# Ross' Rotiformed B6 Passat



## -TEXAS2LO- (Aug 16, 2008)

Full article here & more pics here :
http://www.airsociety.net/2011/02/ross-rotiformed-b6-passat/



> Here’s the detailed Air Suspension setup:
> 
> Air Lift XL Fronts
> Re-5 Rear bags w/dcup brackets
> ...


----------



## PASSAT888 (Jan 28, 2010)

LOVING IT!!! Makes me want to bag mine, but must hold out till I get CC, your making it hard to do though.


----------



## Ben from RI (Jun 5, 2009)

perfect man...


----------



## zacharys666 (Jan 28, 2008)

Amazing. So fresh.
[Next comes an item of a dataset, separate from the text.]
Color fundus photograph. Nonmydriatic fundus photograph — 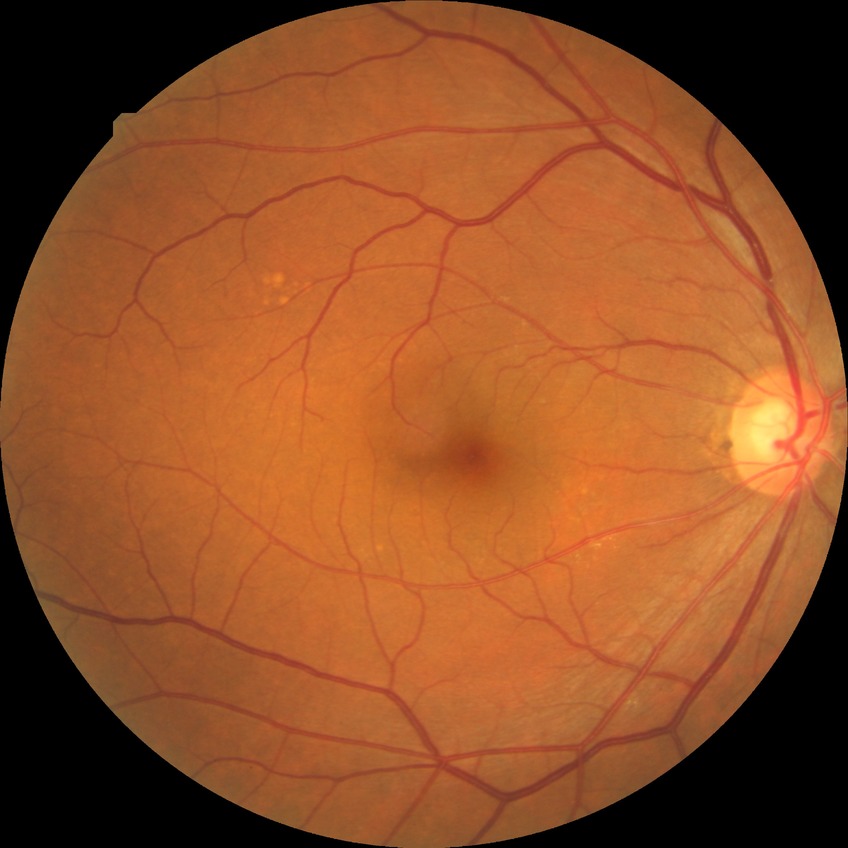
Assessment:
• retinopathy stage — no diabetic retinopathy

Texas is killin it:thumbup::beer:


----------



## tonyb2580 (Jun 22, 2006)

absolute sex... nice and clean


----------



## bagged_hag (Oct 30, 2005)

Everythings so clean, love it :thumbup:


----------



## shortkyle (Jan 21, 2010)

This makes me want one. I love the Rotiform's. It looks good:thumbup:


----------



## President Lincoln (Jun 27, 2005)

This doesn't help my situation either.

Looks soo good. :thumbup:


----------



## FennyCx (Aug 5, 2009)

b6 on rotiform, wow


----------



## LOW36 (Jan 18, 2008)

That stance is simply amazing. :heart:


----------



## Santi (Mar 26, 2004)

Here are a few more pictures of the actual trunk/gauge setup from when I did the install...


----------



## Miguel Lopez Ma (Mar 12, 2007)

-TEXAS2LO- said:


> Full article here & more pics here :
> http://www.airsociety.net/2011/02/ross-rotiformed-b6-passat/


Nice look!!! , cheers from Spain.


----------



## On The Grind (Apr 22, 2009)

WOW


----------



## ALI RIOS (Nov 24, 2010)

I want air bags for my Passat 4motion.

What do you recommend for B6 Passat 4Motion?
Where to buy?
I want to get that result.


----------



## DoctorDoctor (Oct 18, 2006)

Oh. My. Word.


----------



## Slo.Mo.Shun (Jan 13, 2010)

Very nice :thumbup:.

Super clean install.

Is the dashboard cubby bigger on the Passat (Compared to Golf)


----------



## bassmanjosh (Nov 6, 2004)

love it.


----------



## bgsapc (Dec 17, 2008)

This car has come a long way since the last time I saw it. Way to keep it fresh Ross!:thumbup:


----------



## eastcoaststeeze (Jul 20, 2009)

big time :thumbup:


----------



## mk4_1.8t (Jul 21, 2008)

spot on dude car looks perfect:thumbup::thumbup:


----------



## Matty Much (Nov 23, 2008)

car looks good, a different way to see a manual setup i like :thumbup:


----------



## greeneyedbandit38 (Jul 27, 2006)

holy dope..........:thumbup::thumbup:


----------



## Vr601 (Aug 31, 2008)

Best part is that's almost his ride height too.


----------



## VAGwhore (Nov 12, 2004)

Vr601 said:


> Best part is that's almost his ride height too.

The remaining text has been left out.